Now to the plants: in vanilla minecraft, there is one basic type of seed - wheat seeds. Well, two, if you count nether wart, and that's relevant later. Agricraft adds 2 others: carrot seeds, and potato seeds. These can be obtained from breaking grass. To start working with the seeds, you need to analyse them with the seed analyser. Once you've done that you'll find they now have numbers attached: 1/1/1. Seeds obtained in this way will always be bottom level. The figures are for Gain, Growth and Strength (the order may be wrong there) - basically: Gain is how much you get when harvested, Growth is how fast they grow, and Strength is resistance to weeds (and chance of success at planting clippings).
To increase these values, you need to breed the same plants together (usually - again, depends on configs I think). So if you have three blocks of farmland, the two on either end with cropsticks and the centre empty, you would plant a 1/1/1 wheat seed at either end, then wait for them to mature (or bonemeal them up!), then plant cross-cropsticks in the centre block. When this spreads to the centre, you'll notice the cross-crops now appear to be normal cropsticks and there is an unidentified wheat plant in the centre. If you break this and analyse the seeds, there should be a small increase in at least one of the stats.
Why did I say wait until they were mature?

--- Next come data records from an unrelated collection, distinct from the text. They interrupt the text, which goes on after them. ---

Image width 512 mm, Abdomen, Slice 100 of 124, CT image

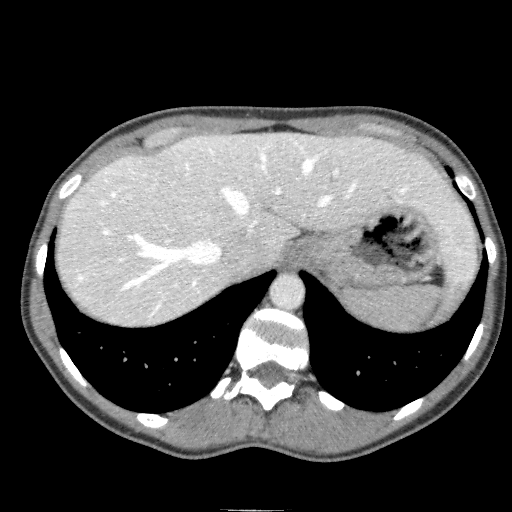
<segmentation>
  <liver>57:131:477:326</liver>
</segmentation>
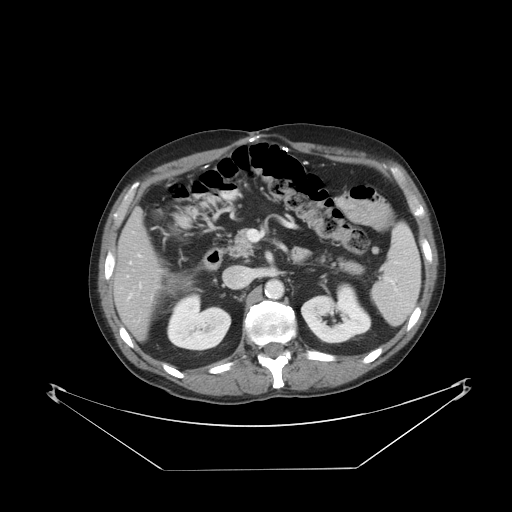

Computed tomography | Abdomen

The vessel annotation is not exhaustive.
4 hepatic vessel regions are bounded by {"x1": 138, "y1": 254, "x2": 141, "y2": 256}, {"x1": 139, "y1": 281, "x2": 141, "y2": 287}, {"x1": 129, "y1": 261, "x2": 131, "y2": 263}, {"x1": 127, "y1": 293, "x2": 132, "y2": 299}.
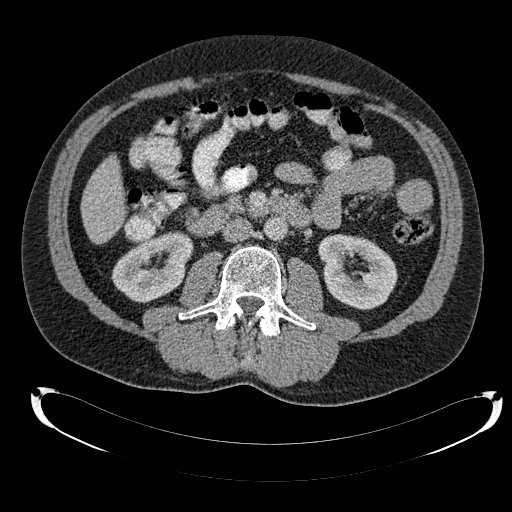

512x512 px; Computed tomography; Abdomen
Kidney: x1=112 y1=233 x2=191 y2=301, x1=319 y1=235 x2=396 y2=308.
Liver: x1=82 y1=159 x2=124 y2=243.
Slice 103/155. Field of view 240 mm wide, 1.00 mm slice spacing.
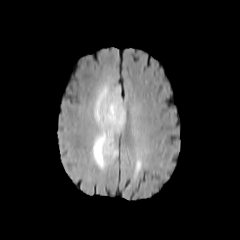
FLAIR MR.
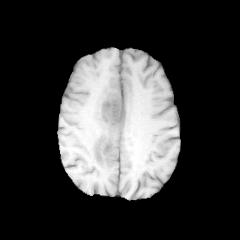
T1-weighted magnetic resonance.
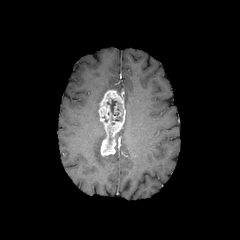
Same slice, post-contrast T1-weighted magnetic resonance.
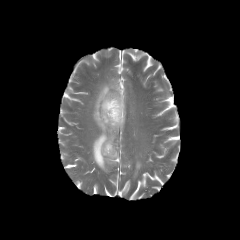
T2-weighted MR image.
<segmentation>
  <enhancing_tumor><box>98,90,125,156</box></enhancing_tumor>
  <non-enhancing_tumor_core><box>107,99,120,115</box></non-enhancing_tumor_core>
  <edema><box>92,83,122,171</box></edema>
</segmentation>
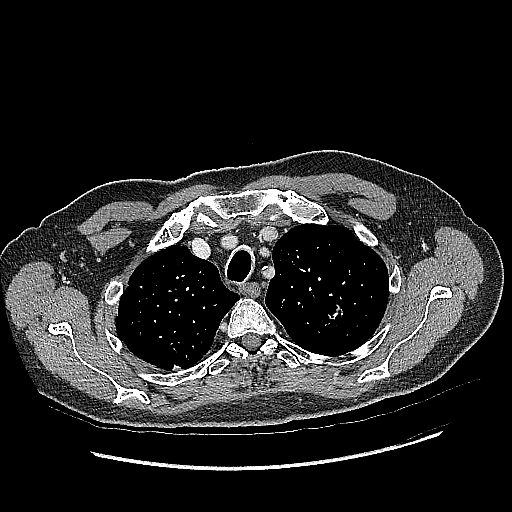 Computed tomography. Thorax.
2 lung tumor regions appear at (x1=115, y1=316, x2=123, y2=326), (x1=129, y1=284, x2=149, y2=290).
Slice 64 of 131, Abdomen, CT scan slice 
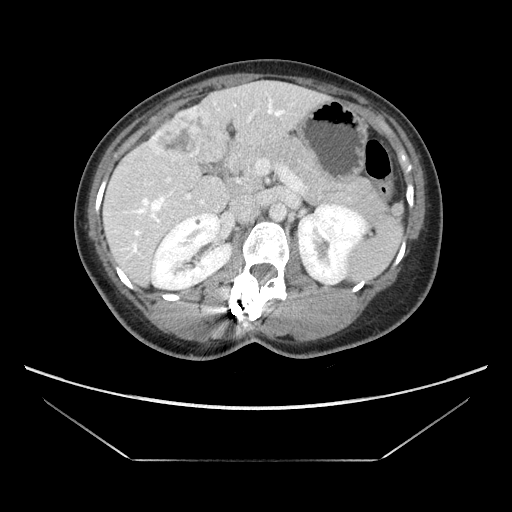 Only some of the vessels may be annotated.
Hepatic vessel: bounding box bbox(278, 167, 288, 181); bbox(152, 200, 161, 210); bbox(256, 160, 268, 169).
Liver tumor: bounding box bbox(153, 109, 204, 159).
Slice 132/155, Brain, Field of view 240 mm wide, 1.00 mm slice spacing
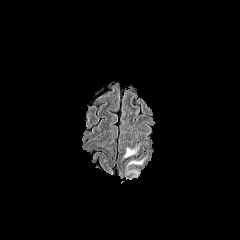
FLAIR MR.
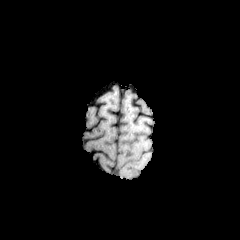
T1-weighted MR image.
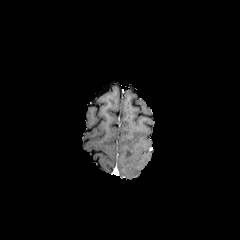
Same slice, post-contrast T1-weighted MR.
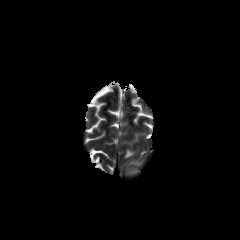
T2-weighted MR.
Edema: region(125, 161, 141, 175); region(125, 146, 139, 157).
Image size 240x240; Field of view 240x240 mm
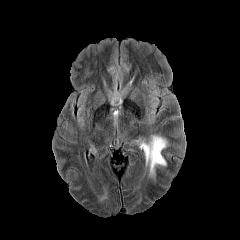
FLAIR MR.
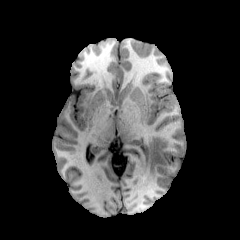
Same slice, T1-weighted MR.
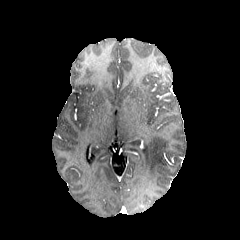
Same slice, post-contrast T1-weighted MRI.
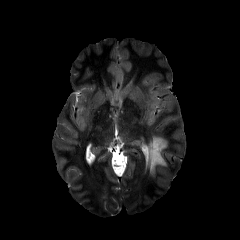
T2-weighted MRI.
The edema is located at box(143, 135, 167, 180).
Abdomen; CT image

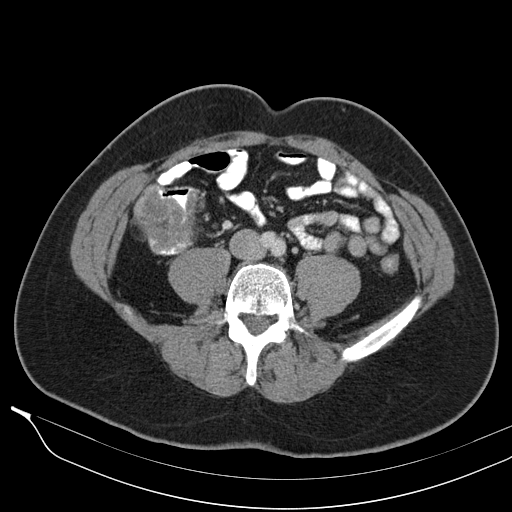 Findings:
* colon tumor: left=134, top=186, right=196, bottom=250
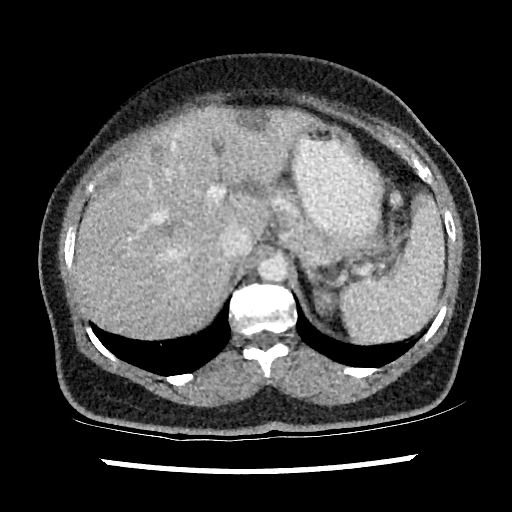 CT scan slice. Liver.

liver:
  - left=71, top=108, right=324, bottom=338
hepatic_lesion:
  - left=107, top=173, right=118, bottom=186
  - left=153, top=148, right=160, bottom=156
  - left=241, top=173, right=268, bottom=196
  - left=158, top=218, right=177, bottom=234
  - left=239, top=110, right=268, bottom=130
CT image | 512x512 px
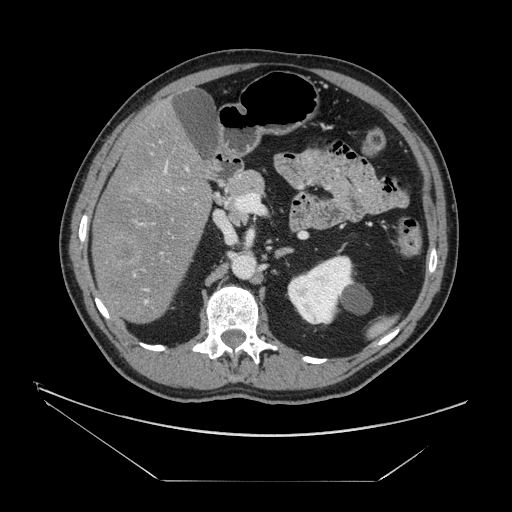

Some hepatic vessels may have no box.
Findings:
* hepatic vessel: [x1=164, y1=164, x2=166, y2=170]
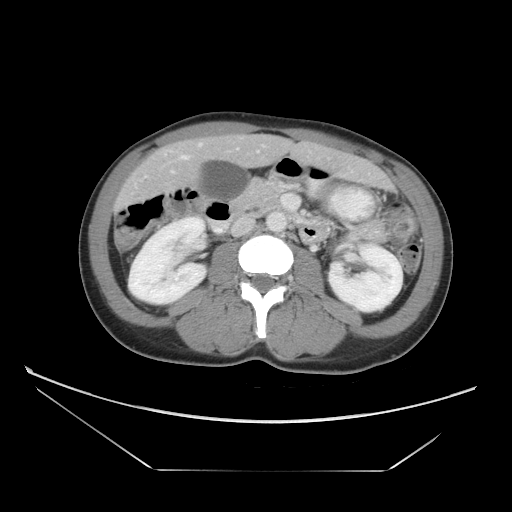 CT slice; Abdomen
The vessel boxes may cover only some of the vessels.
hepatic_vessel:
  - [177,154,190,159]
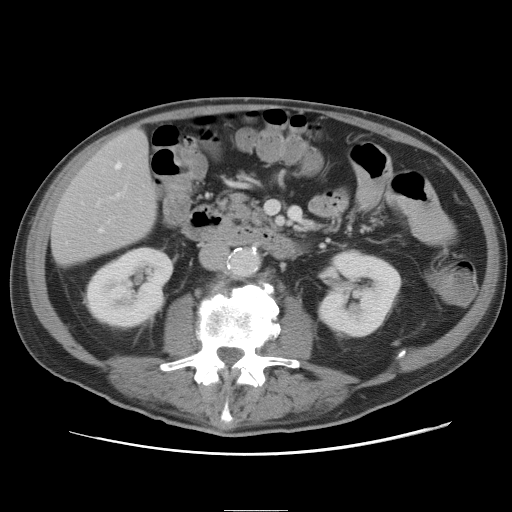 Abdomen, CT

The vessel boxes may cover only some of the vessels.
Segmented structures:
* hepatic vessel: x1=98, y1=202, x2=99, y2=204; x1=100, y1=229, x2=102, y2=232; x1=116, y1=163, x2=121, y2=168; x1=134, y1=130, x2=136, y2=131; x1=117, y1=193, x2=122, y2=197
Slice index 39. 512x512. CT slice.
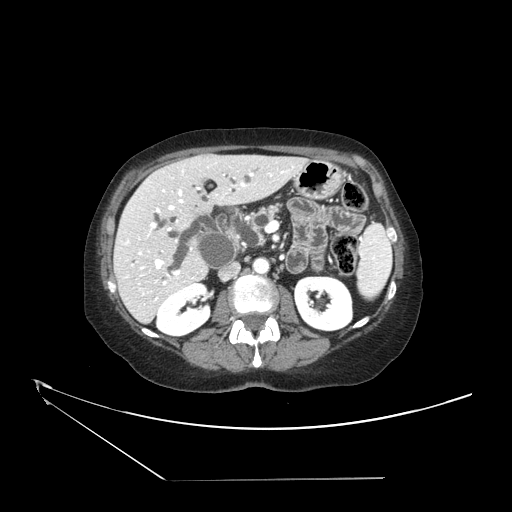 Pancreas: 252,205,279,229; 271,256,293,271.
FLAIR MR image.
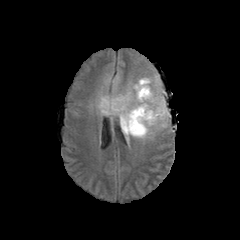
T1-weighted magnetic resonance.
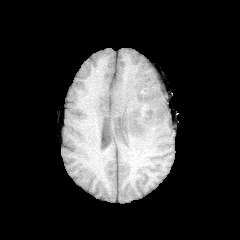
Post-contrast T1-weighted magnetic resonance.
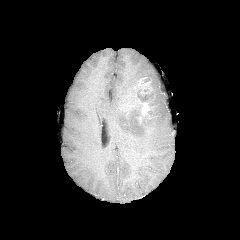
T2-weighted MR image.
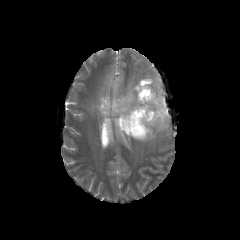
240x240 px
Findings:
• edema: <bbox>96, 80, 171, 141</bbox>, <bbox>124, 78, 142, 96</bbox>
• non-enhancing tumor core: <bbox>104, 94, 127, 115</bbox>, <bbox>126, 88, 158, 130</bbox>
• enhancing tumor: <bbox>138, 102, 152, 119</bbox>, <bbox>119, 100, 127, 111</bbox>, <bbox>137, 80, 149, 91</bbox>

Weeds. I mentioned them before, and they are the bane of your existence. They have a chance to appear on cross-crops (and cropsticks I believe) that have no plant on them. So you'll need to keep an eye on your centre block and make sure it is wheat and not weeds when the cross-crops disappear. If you do get weeds, break the cropsticks and replace them to get rid of the weeds. You can use the rake, but I rarely bother. Weeds can spread and overrun an entire field of crops if unnoticed - a high Strength stat increases the time this takes, but there is no immunity to weeds.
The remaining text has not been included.